Abstract
Acrylpimaric acid ethylene glycol acrylate was used as the cross-linking agent to prepare rosin-based polymer microspheres through membrane emulsification–microsuspension polymerization. The prepared microspheres were used as the stationary phase in high-performance liquid chromatography for the separation of polycyclic aromatic hydrocarbons (PAHs) and two analogues of alkaloids. Five PAHs (benzene, naphthalene, fluorene, pyrene, and benzo(e)pyrene) were well separated in the rosin-based polymer column with the resolution (Rs) of 6.088 ± 0.006, 5.759 ± 0.017, 7.019 ± 0.020, and 8.584 ± 0.063. A linear relationship was observed for the carbon numbers of PAHs and lnK as obtained with the equation of ln k = 0.22nc – 2.45, R2 = 0.996 . The rosin-based polymer columns were also employed to separate theophylline–caffeine and camptothecin–10-hydroxy-camptothecin, and the good results were obtained with the Rs of 4.617 ± 0.005 and 2.245 ± 0.049, respectively.
Graphical Abstract
1 Introduction
Polymer microspheres are polymeric materials or polymer composites with sizes ranging from nanometer to micrometer scale and spherical geometrical shapes (1, 2, 3). Polymer microspheres have wide applications in stationary phases, biological medicine and many other fields (4, 5, 6, 7). Organic polymer stationary phases mainly include polysaccharide polymers, polystyrenes/divinylbenzene polymers and polymethacrylate polymers (8, 9, 10). Due to the poor mechanical stability, when polysaccharide polymers and polymethacrylate polymers are used in high performance liquid phase, the particles are easy to collapse under high pressure (11). Polystyrenes/ divinylbenzene polymers can bear the high pressure and have a good adaptability for chromatographic purposes but may release residuals, which are harmful to health, when they are used for the separation and analysis of drugs (12,13). As the ternary ring structure of rosin can be introduced into high molecular structure, rosin can enhance the mechanical strength of polymer and is an important resource to synthesize high-molecular stationary phase instead of divinylbenzene or styrene. In addition, rosin is biodegradable, non-toxic, and thus can be used as a raw material to separate and purify the effective ingredients of Chinese herbs (14).
Polycyclic aromatic hydrocarbons (PAHs) are carcinogenic pollutants that can be absorbed by crops via polluted water, air, or, soil (15). PAHs could be generated during the general extraction process of natural medicinal active components in a high temperature (15). Hence, detecting PAHs and removing them from natural medicines are important. Theophylline (THO)–caffeine (CAF) and camptothecin (CPT)–10-hydroxycamptothecin (HCPT) belong to the two sets of alkaloids with similar structures and are widely applied in clinical drugs (16,17). Slight modification of the molecule configuration could lead to different pharmacology activities and applications. THO is used extensively to treat asthma, and CAF is often added to pain medications. Compared with CPT, HCPT holds up better in anticancer activity and has lower toxicity. Detecting and separating these two sets of alkaloids is of importance.

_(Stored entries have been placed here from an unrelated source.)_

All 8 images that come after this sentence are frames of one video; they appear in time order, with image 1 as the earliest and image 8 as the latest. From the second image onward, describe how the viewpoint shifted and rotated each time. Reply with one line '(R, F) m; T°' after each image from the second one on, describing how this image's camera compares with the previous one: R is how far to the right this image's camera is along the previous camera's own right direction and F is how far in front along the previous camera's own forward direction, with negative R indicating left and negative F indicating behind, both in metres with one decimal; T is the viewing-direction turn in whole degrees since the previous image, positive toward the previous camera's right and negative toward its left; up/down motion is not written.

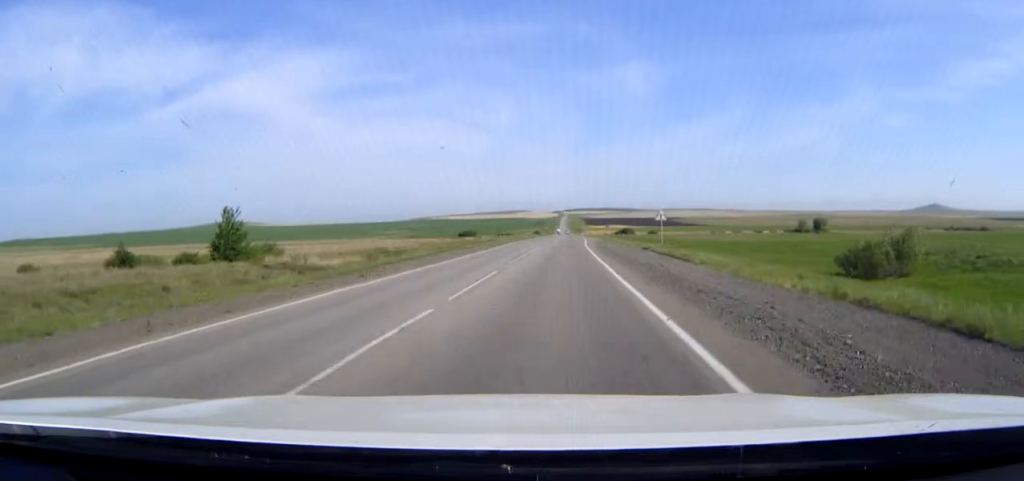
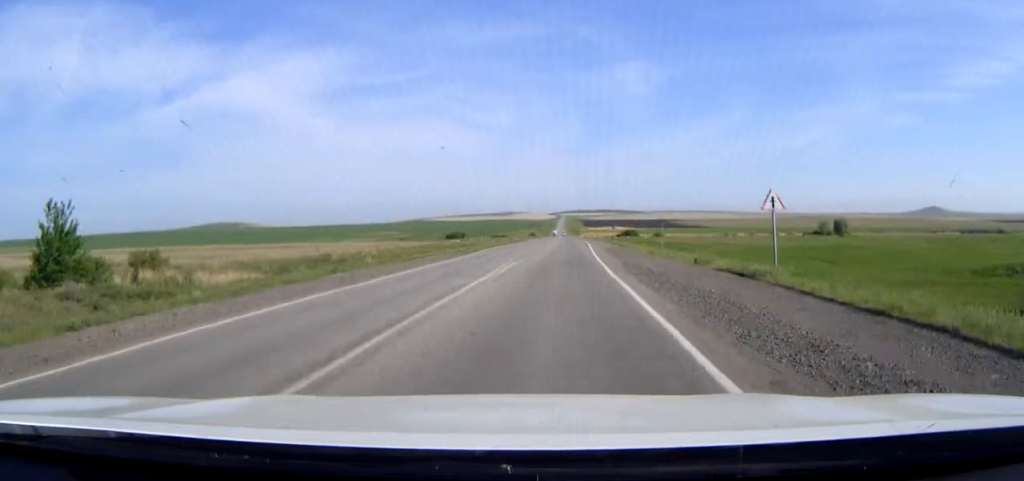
(+0.1, +29.1) m; 0°
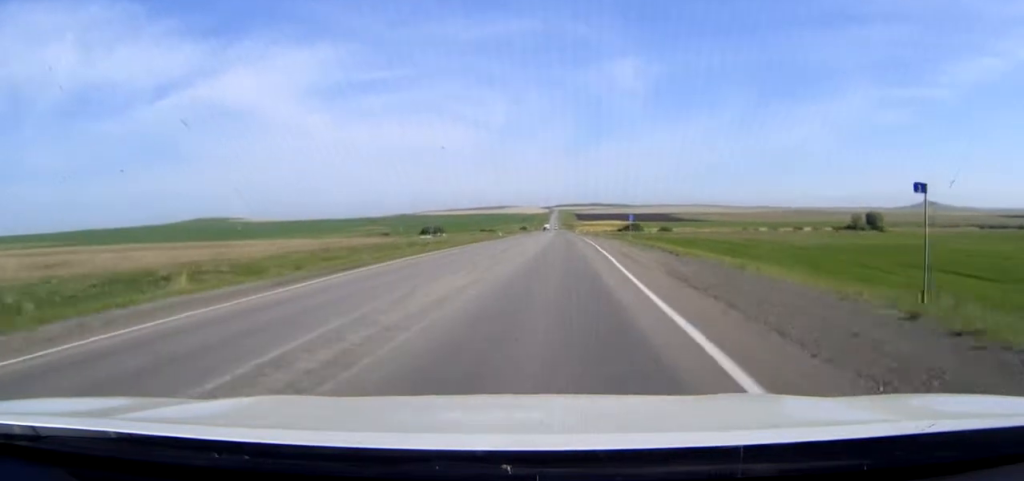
(+0.1, +41.0) m; 0°
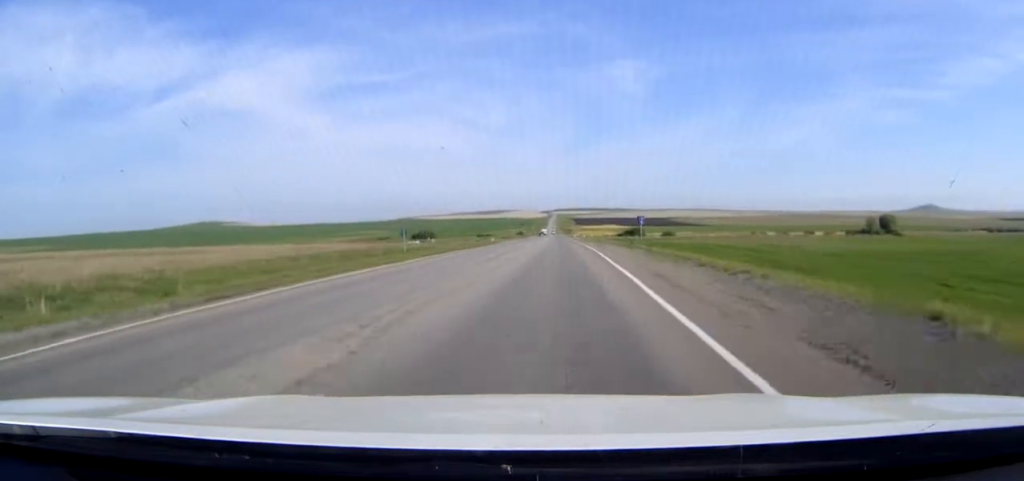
(0.0, +13.6) m; 0°
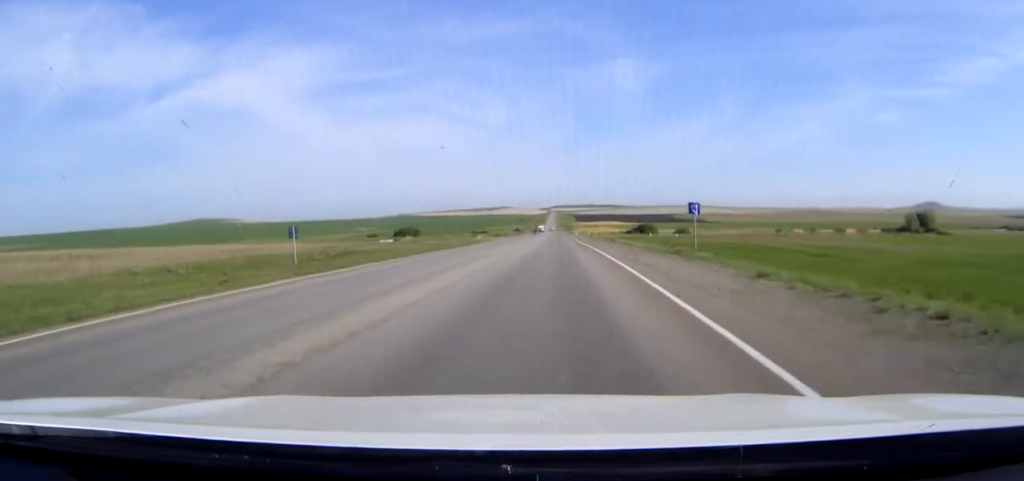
(0.0, +29.2) m; 0°
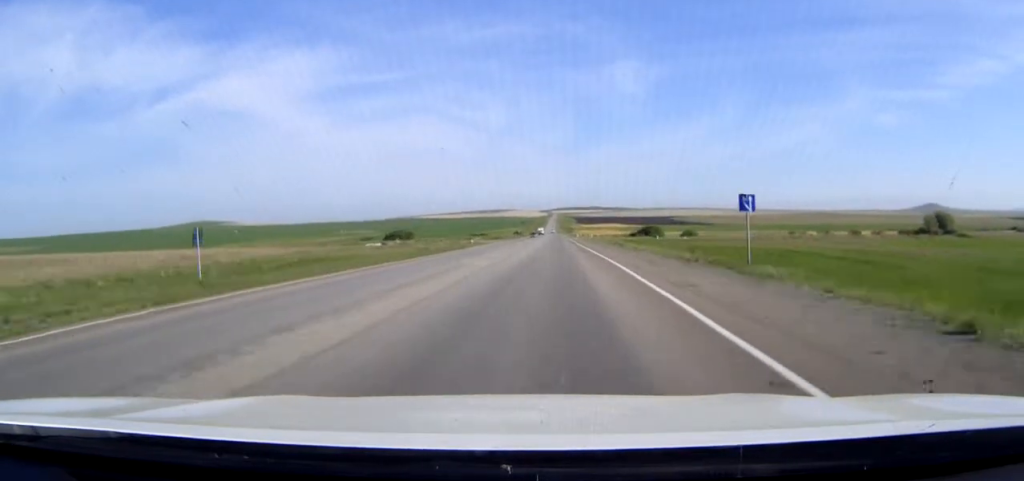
(0.0, +11.9) m; 0°
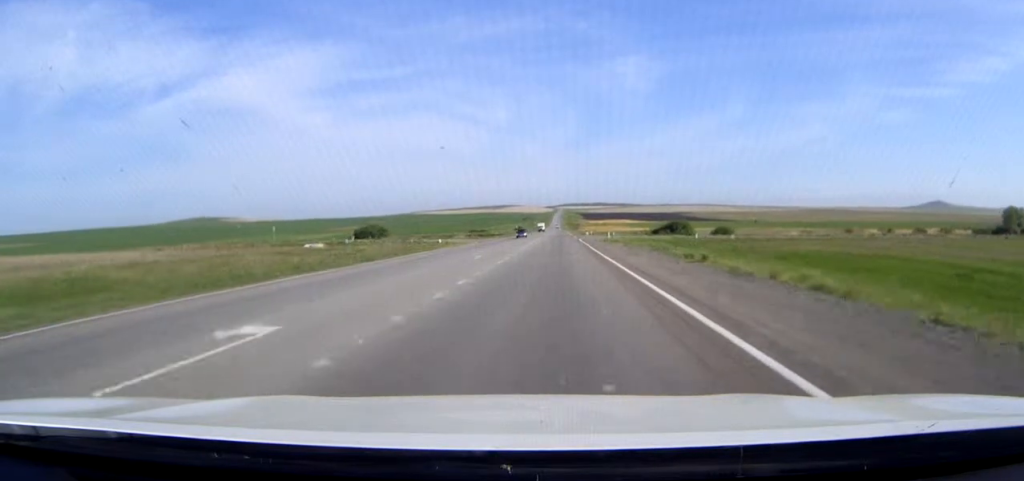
(-0.2, +39.2) m; 0°
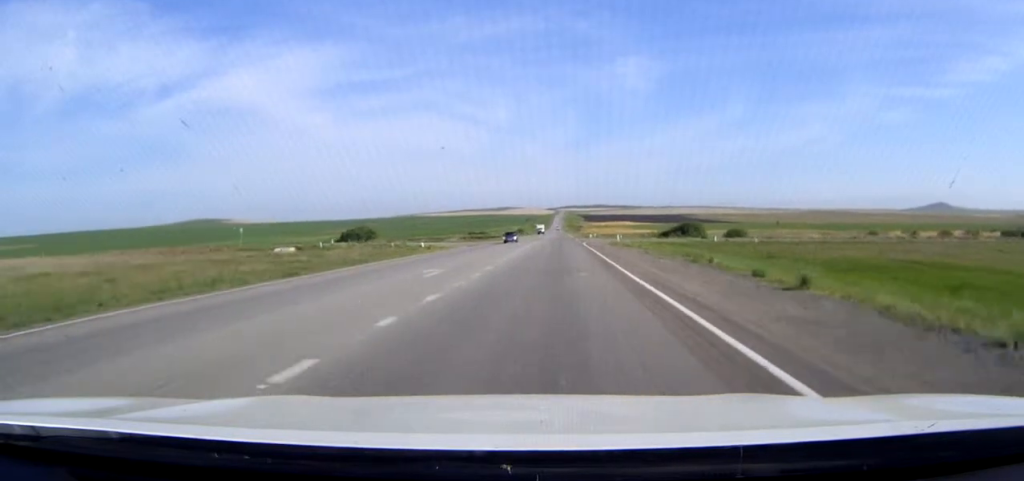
(0.0, +12.8) m; 0°
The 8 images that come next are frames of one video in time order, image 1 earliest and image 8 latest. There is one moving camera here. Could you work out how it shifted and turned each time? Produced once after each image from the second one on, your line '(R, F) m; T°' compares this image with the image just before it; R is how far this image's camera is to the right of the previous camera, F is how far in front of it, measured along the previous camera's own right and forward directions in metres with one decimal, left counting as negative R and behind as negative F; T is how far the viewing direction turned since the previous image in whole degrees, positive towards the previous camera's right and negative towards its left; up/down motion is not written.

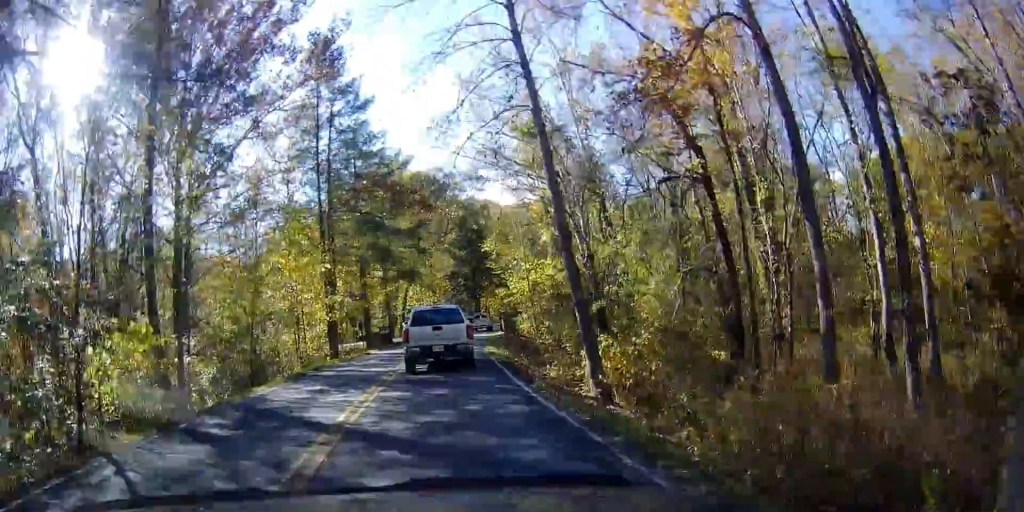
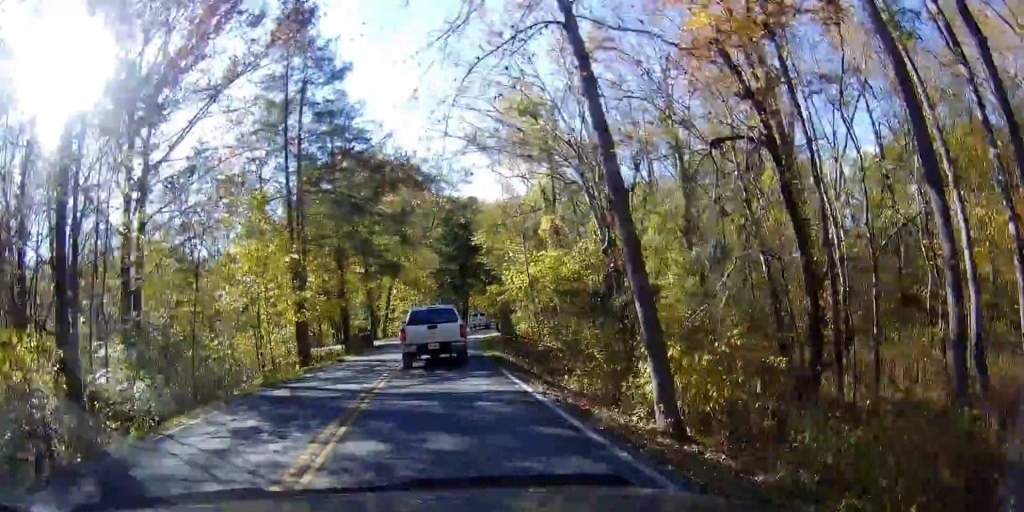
(-0.1, +5.9) m; +1°
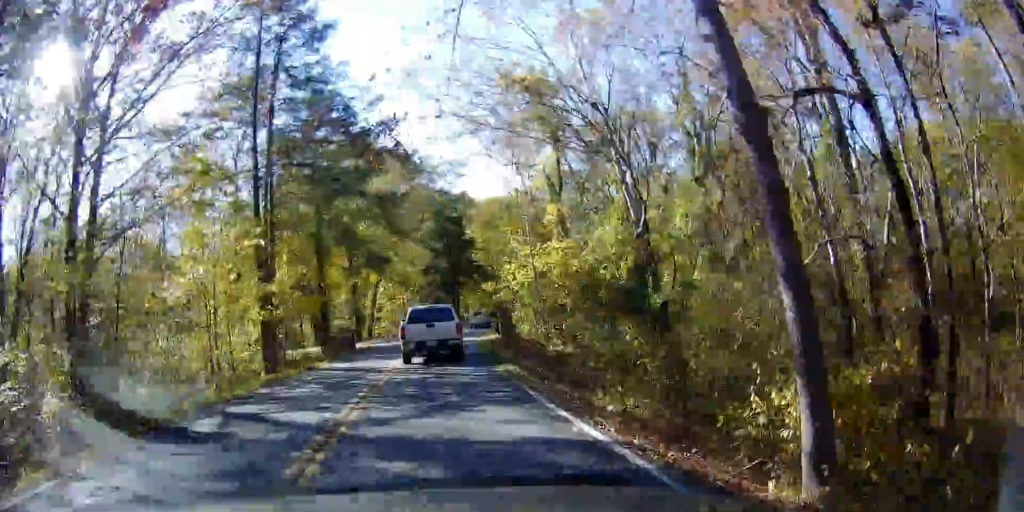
(+0.1, +5.1) m; +3°
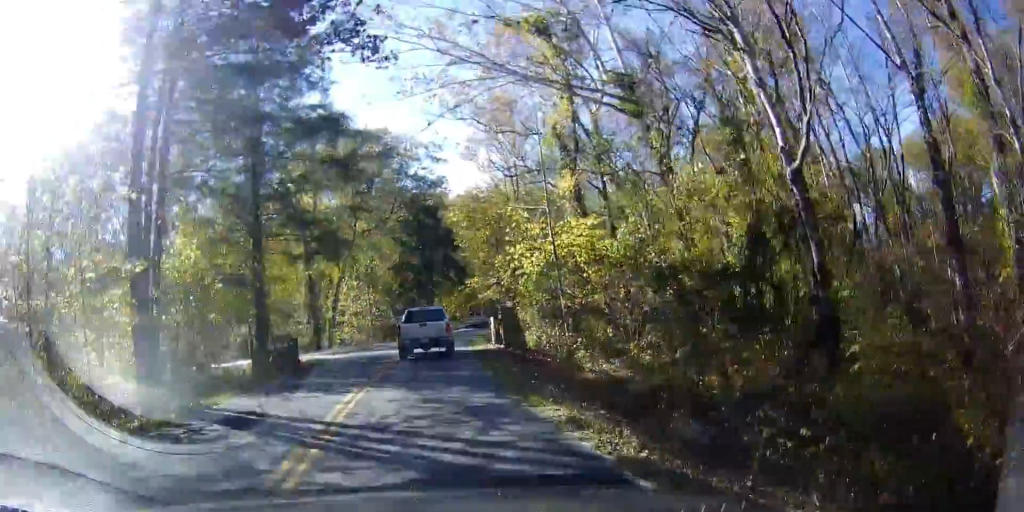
(+0.7, +9.8) m; +8°
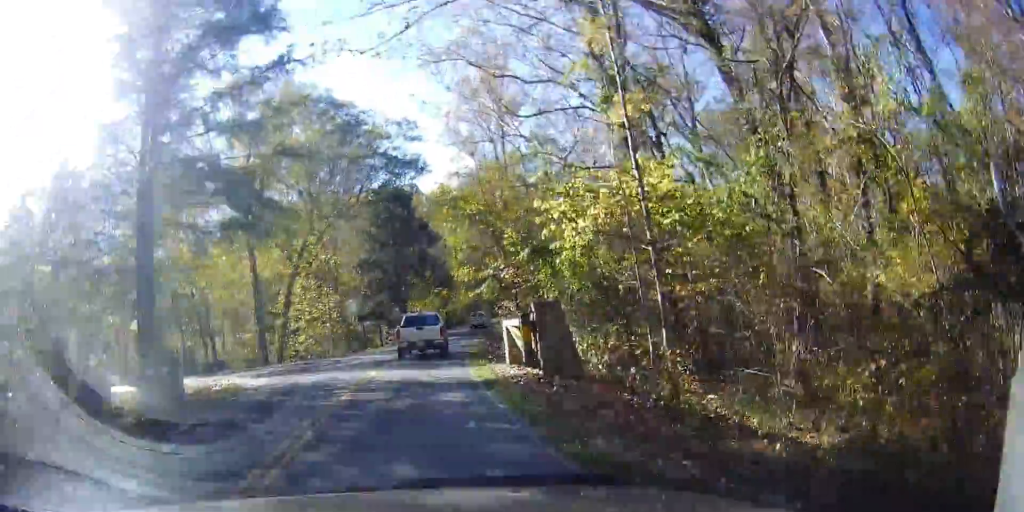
(+0.6, +9.9) m; +2°
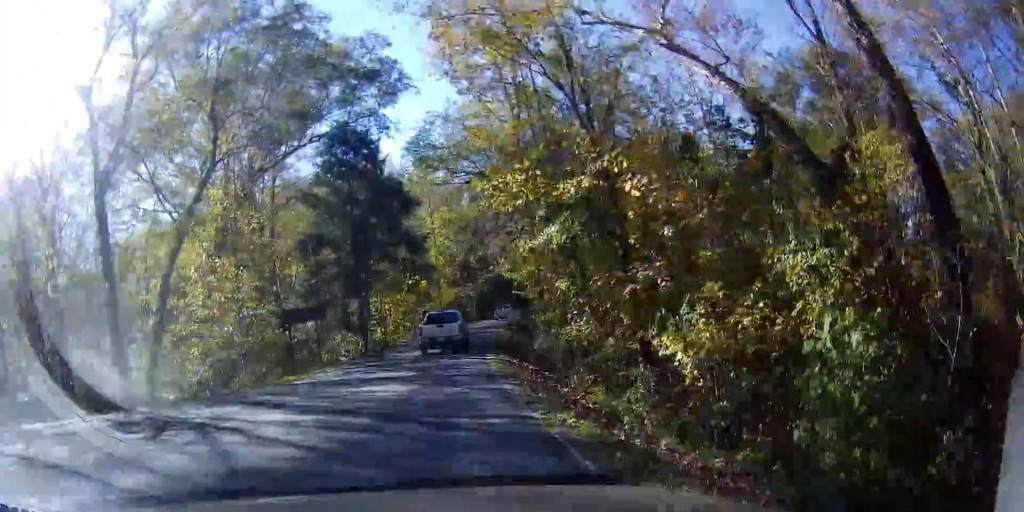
(-0.5, +17.7) m; 0°
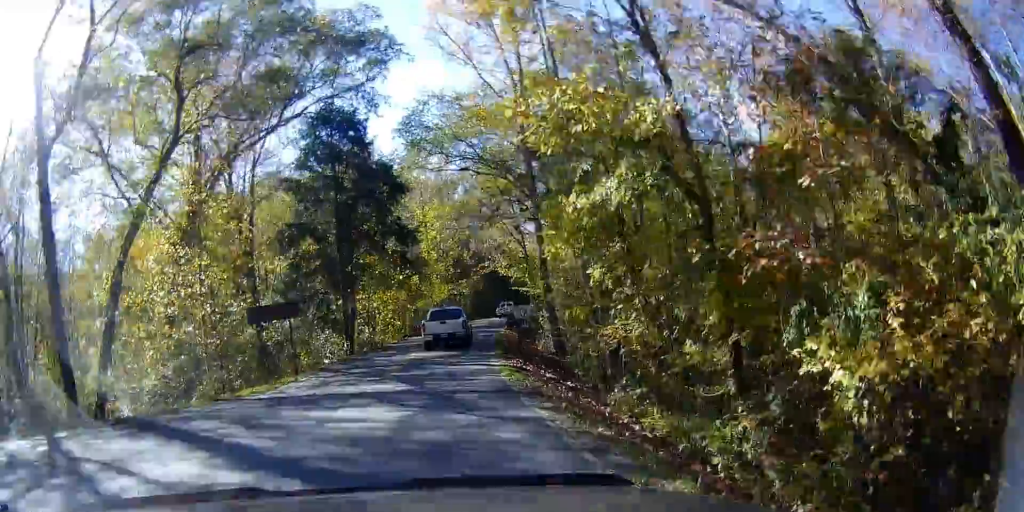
(-0.1, +4.0) m; +1°
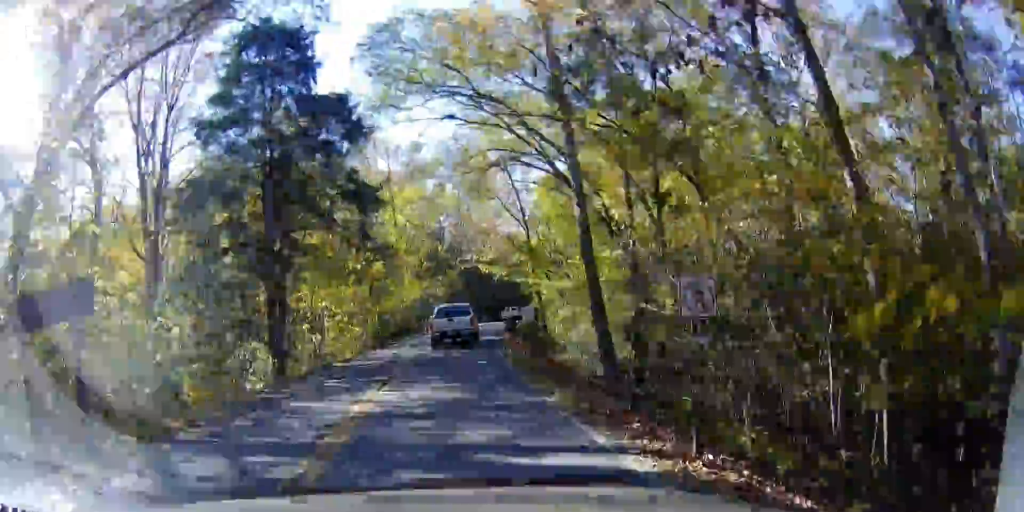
(+0.6, +13.0) m; +4°

In our previous work (13), paclitaxel imprinted polymer microspheres (using ethylene glycol maleic rosinate acrylate (EGMRA) as cross-linking agent) were prepared by microsuspension polymerization. However, the particle size distribution of the microspheres prepared by microsuspension polymerization was relatively wide (1–50 μm). As maleopimaric anhydride requires ring opening at high pressure to produce maleopimaric acid to introduce double bonds, the synthesis cost of EGMRA was higher compared with acrylpimaric acid ethylene glycol acrylate (AAEGA). In addition, the preparation process of molecularly imprinted polymer microspheres was rather complex, in which template molecules should be added and then removed after the formation of the microspheres. Template molecules are often expensive and difficult to be recycled, resulting in the high production cost of the polymers. Thus, it is very necessary and meaningful to develop the application field of non-imprinted polymer microspheres.
In this study, rosin-based polymer microspheres were prepared and used as the stationary phase in high-performance liquid chromatography (HPLC) to separate PAHs and alkaloids. The main objectives of this work are as follows: (1) preparation of polymer microspheres using acrylpimaric acid ethylene glycol acrylate (AAEGA) as the cross-linking agent through membrane emulsification– microsuspension polymerization; (2) preparation of the rosin-based polymer columns using the microspheres to separate PAHs, THO–CAF, and CPT–HCPT.
2 Materials and methods
2.1 Experimental principles
Figure 1 illustrates the principles and schematic of the preparation of rosin-based polymer microspheres. Methyl methacrylate (MMA), ethyleneglycol dimethacrylate (EGDMA) cross-linked with AAEGA effectively to form a macromolecule with network structure, and the three-ring phenanthrene skeleton structure with high rigidity in rosin was introduced into the polymer chain through free radical polymerization by using azodiisobutyronitrile (AIBN) as initiator. The AAEGA was provided by the Guangxi Key Laboratory of Forest Products Chemistry and Engineering (Nanning, China).
Principles of the synthesis of rosin-based polymer microspheres.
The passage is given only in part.